For all their ubiquity as public figures, Self has something in common with his posthumous nemesis Orwell in that their novels – their ultimate passion as writers – during their lifetimes have not been read quite as widely as their journalism. When one observes the kind of book that actually does sell, Waterstones’ Top 10 Bestseller list runs the gamut from the 9th in the children’s series Diary of a Wimpy Kid to Russell Brand’s political diatribe Revolution, with nothing in the way of “serious” literature in sight; instead, there are memoirs to spare, entries in lucrative series (such as the latest in George RR Martin’s Game of Thrones saga) and populist potboilers like Gillian Flynn’s recently dramatised Gone Girl and the latest from Stephen King. If this is the literary scene we have before us, what’s to say there’s nothing serious or artistic about writing particularly well within a genre? JK Rowling’s Harry Potter series was a gigantic allegory against fascism and racism, albeit told in the form of a magical adolescent adventure. Hilary Mantel’s historical fiction recently moved controversially into recent history with the publication of her short story The Assassination of Margaret Thatcher; a daring move for a mainstream author whose work continually resonates with Thatcher-loving Middle England. One must also recognise the conspicuous volume of most books by Rowling or Mantel; call it a lack of self-discipline or editors unwilling to say no to their biggest cash-cows, but as their epic novels unfold the authors prove themselves willing to dwell on the most tangential flight of fancy to practically Selfian levels. And, of course, going back to Brand’s new book, it may not be a novel, but “serious” people of a certain political persuasion should feel relieved that a book about economic inequality and ingrained elites has achieved popular success; even though a pop cultural personality like Brand may not convey the message to the satisfaction of the intelligentsia.
Perhaps the death of the novel might result in the rise of such ostensibly factual or opinion-based writing, and along with that the explicit “message”. Brand’s book will diagnose society’s ills in no uncertain terms, but in a Will Self novel “there are ideas, but no ‘message’ if you mean something that could be written on a fortune telling card.” With the decline of long-form writing heralded by the constant, attention-sapping stream of surely enlightening articles that flood our social media feeds, perhaps the general reading public has lost patience with writers who are inclined to beat around the bush – for all the epic lengths of Rowling or Mantel, there is a certain clarity about their prose. Then again, as Self says, this isn’t really about content, about “difficult vs. easy narrative fiction”. It’s about, he says, “the impact of digital media and the web.” Recall the Gutenberg Mind, the way “the reader discovers the meaning of the text, taking negation as his starting point; he discovers a new reality through a fiction which, at least in part, is different from the world he himself is used to; and he discovers the deficiencies inherent in prevalent norms and in his own restricted behaviour.” With our brains no longer hard-wired to interact with the arguably archaic medium, the page could seem increasingly unappealing; a cold, unengaging, static, monochromatic block of words that no longer provoke in their readers the creative power of the imagination.

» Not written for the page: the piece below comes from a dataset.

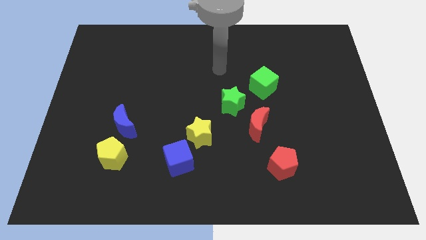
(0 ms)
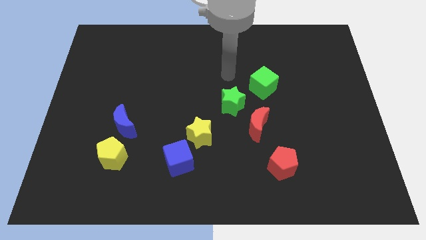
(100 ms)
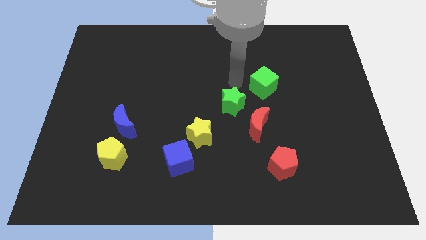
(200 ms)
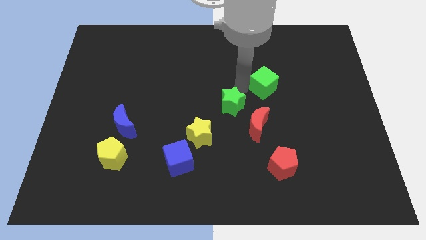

Besides, people have been predicting the Death of the Novel since time immemorial or, at least, with a growing frequency throughout the last century. The cries were particularly audible as the British Empire collapsed in the wake of two World Wars, and with it the hegemony of the colonialist mentality, but these complaints overlooked such developments as the boom in magical realist literature in South and Central America, which later led Salman Rushdie to comment that “only a Western European intellectual would compose a lament for an entire artform on the basis that the literatures of, say, England, France, Germany, Spain and Italy were no longer the most interesting on earth.” The novel has lived such a long and storied existence, and has been supplanted by so many new forms of media, that it’s wholly natural that its place in the cultural pantheon might be somewhat doomed; as McLuhan said, “a new medium is never an addition to an old one, nor does it leave the old one in peace.” Indeed, with our conception of the novel so well-defined by the 19th century, writers throughout the subsequent hundred years tried their utmost to rebel against its conventions and traditional structures, which accounts for the development of the modernist movement; producing works such as Joyce’s Finnegans Wake, referenced repeatedly by Self as the seeming apotheosis of the novel as serious artform. Finnegans Wake is written of as everything that the culture of the printed word was leading up to and, whilst Self declares that “many fine novels have been written” in the three-quarters of a century since its publication, he would contend that these were “zombie novels, instances of an undead artform that yet wouldn’t lie down.” Here he appears to lament a decline in opportunities for innovation, as contemporary writers who endeavour to push the limits of prose as the great modernists did have little chance of attaining any meaningful cultural relevance.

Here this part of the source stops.